# An Axiomatic Approach to Liveness for Differential Equations

**Authors:** Yong Kiam Tan, Andr\'e Platzer

arXiv: 1904.07984 · 2019-09-04

## TL;DR

This paper introduces an axiomatic, deductive approach for verifying liveness properties of ordinary differential equations, addressing complexities like finite-time blow-up and convergence issues, and unifying various existing methods.

## Contribution

It develops a general refinement framework for ODE liveness verification, corrects soundness errors in prior arguments, and facilitates the creation of new proof rules.

## Key findings

- Unified framework for ODE liveness proofs
- Corrected soundness errors in existing literature
- Enabled development of new proof rules

## Abstract

This paper presents an approach for deductive liveness verification for ordinary differential equations (ODEs) with differential dynamic logic. Numerous subtleties complicate the generalization of well-known discrete liveness verification techniques, such as loop variants, to the continuous setting.

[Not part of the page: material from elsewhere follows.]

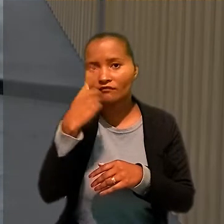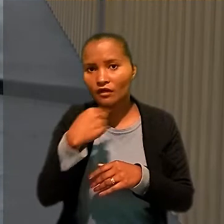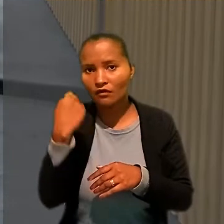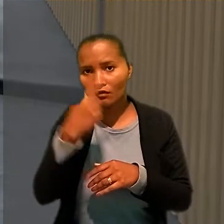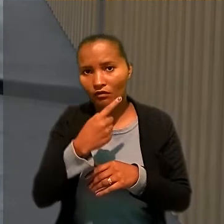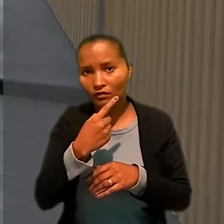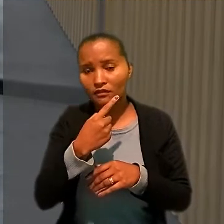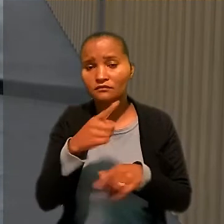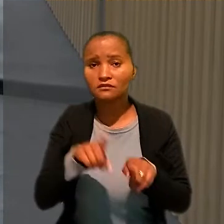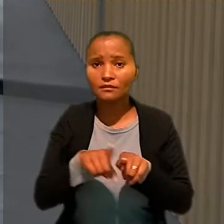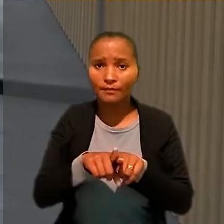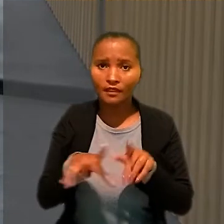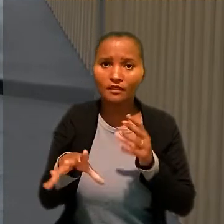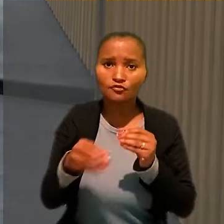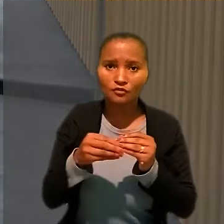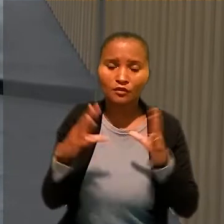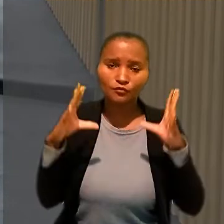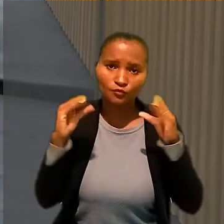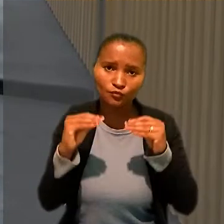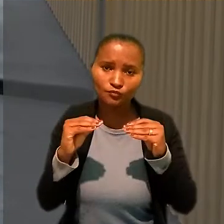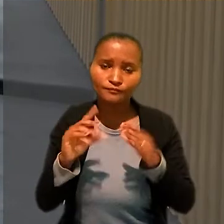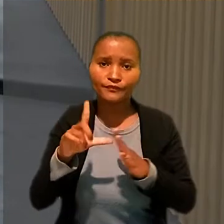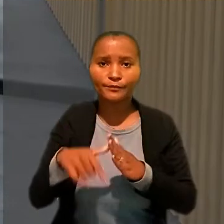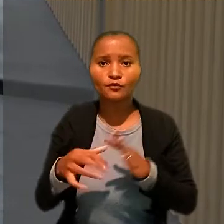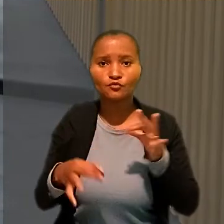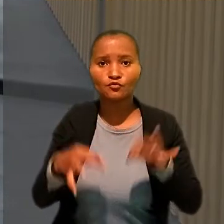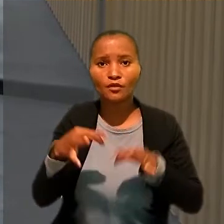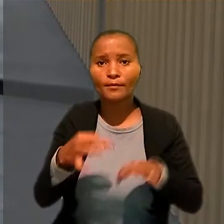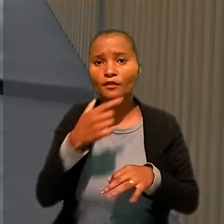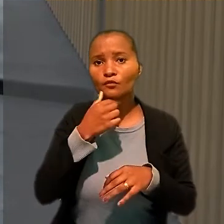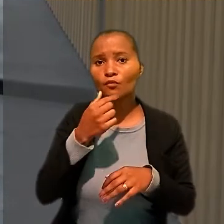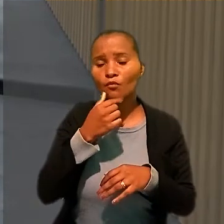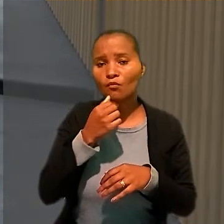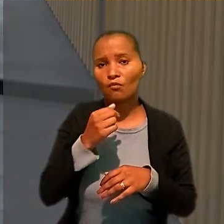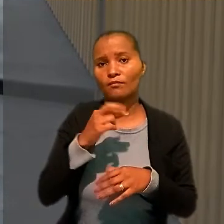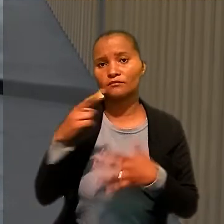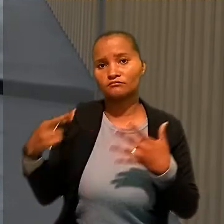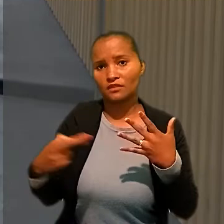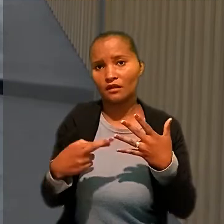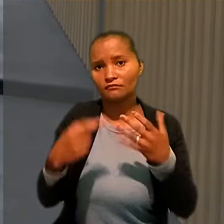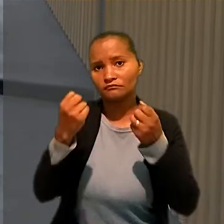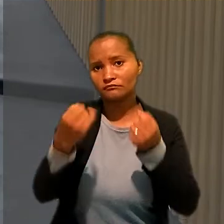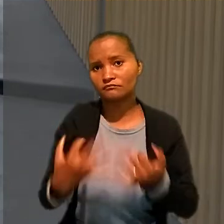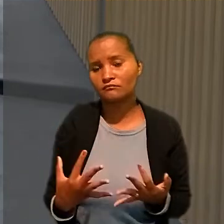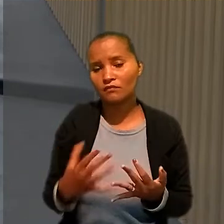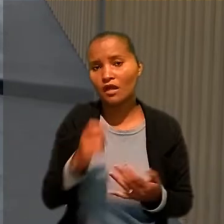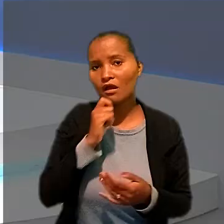Após o julgamento, o trabalhador entrou com embargos de declaração, que ainda não foram julgados.

For example, ODE solutions may blow up in finite time or their progress towards the goal may converge to zero. Our approach handles these subtleties by successively refining ODE liveness properties using ODE invariance properties which have a well-understood deductive proof theory. This approach is widely applicable: we survey several liveness arguments in the literature and derive them all as special instances of our axiomatic refinement approach. We also correct several soundness errors in the surveyed arguments, which further highlights the subtlety of ODE liveness reasoning and the utility of our deductive approach. The library of common refinement steps identified through our approach enables both the sound development and justification of new ODE liveness proof rules from our axioms.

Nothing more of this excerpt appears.